The credit card landscape
According to a 2016 Equifax study, roughly 70% of students owned at least one credit card — and interestingly enough, 72% of the 600 students who participated in the study paid their monthly credit card balance on time and in full. Students are clearly using credit (and, perhaps, more responsible than previously suspected).
Students and parents are faced with a wide array of choices when it comes to credit cards.

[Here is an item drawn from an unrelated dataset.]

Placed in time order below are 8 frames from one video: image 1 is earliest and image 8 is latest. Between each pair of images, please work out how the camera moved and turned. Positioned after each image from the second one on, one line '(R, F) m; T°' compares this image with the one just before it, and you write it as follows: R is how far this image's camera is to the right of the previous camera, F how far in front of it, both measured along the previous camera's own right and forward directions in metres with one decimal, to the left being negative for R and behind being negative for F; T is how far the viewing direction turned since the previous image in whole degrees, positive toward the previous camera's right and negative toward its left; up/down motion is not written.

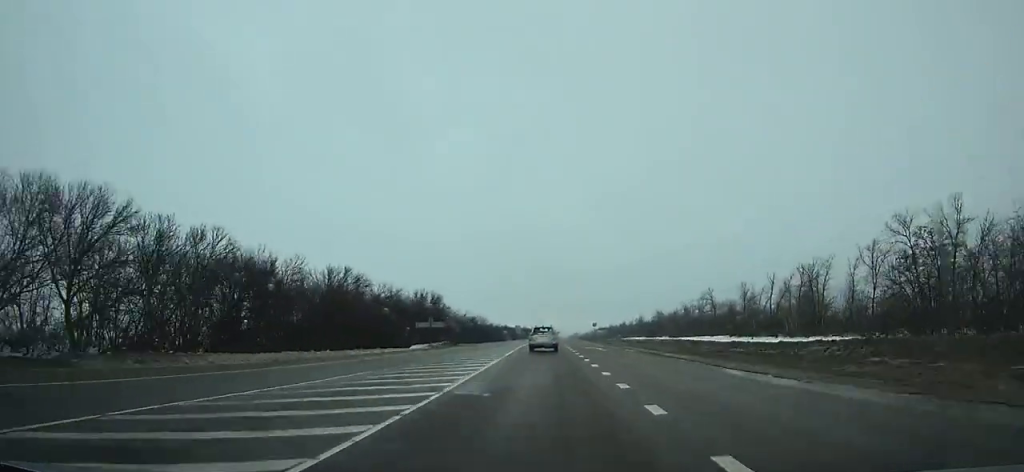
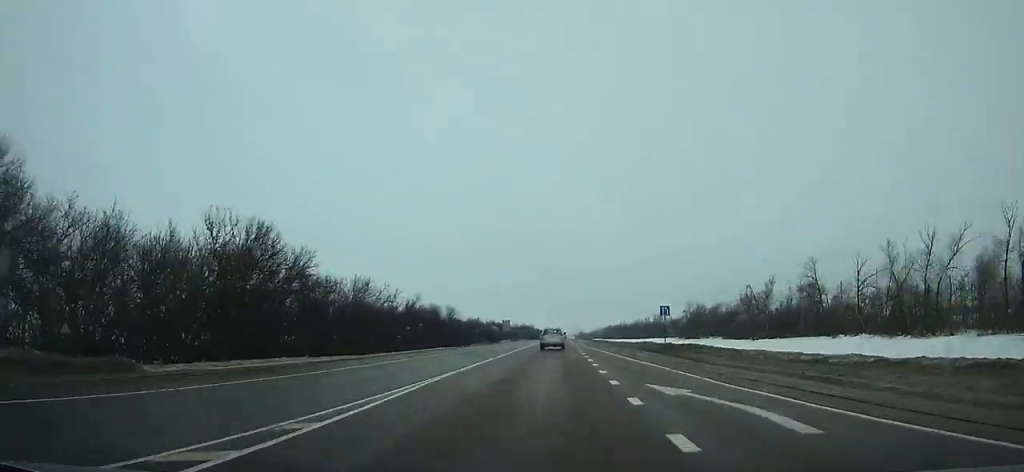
(0.0, +63.5) m; 0°
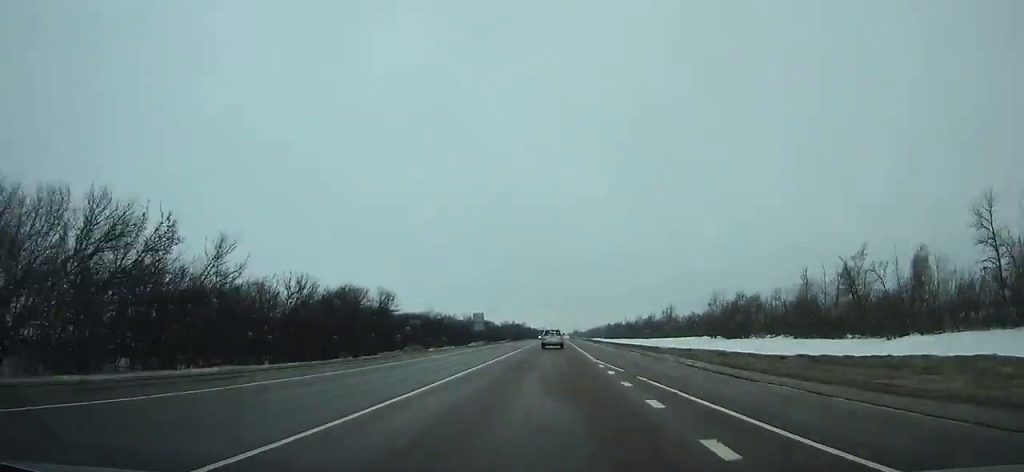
(0.0, +44.9) m; 0°
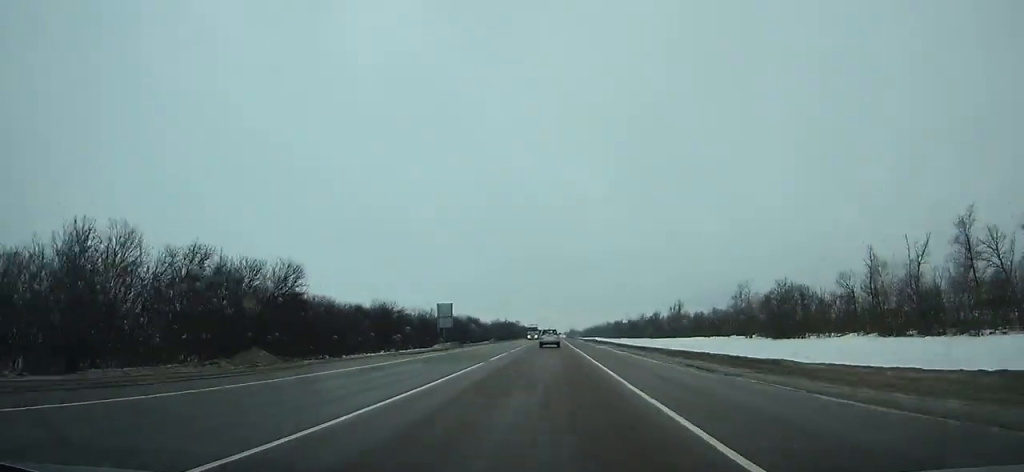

According to the Ascent, Visa and MasterCard are considered useful for their convenience and wide acceptance, while American Express offers advantages in the form of big rewards for spenders with a higher-than-average budget.
Cater to reward-savvy parents and students
Many parents — and some students — use credit cards specifically because of the rewards programs associated with them. When they have an opportunity to use their credit card for payments like tuition, event tickets, or meal plans, they will. For example, 75% of U.S. American Express Card Members say they’d prefer to use their American Express card to pay for school-related bills. It might be worth exploring the impact of offering this as a payment option.
Bring in additional revenue
When you offer more payment options for parents and students, your institution is more attractive to families — and the benefits of expanding the amount of credit cards you accept extend beyond tuition and fee payments. At online or on-campus stores, you won’t have to turn away potential sales because you don’t accept the credit card a student is trying to use.
When rethinking campus payment policies, it’s important to consider the evolution of the payment industry to make it easy for students and parents to make tuition payments, pay for campus goods, and invest in the future of your institution.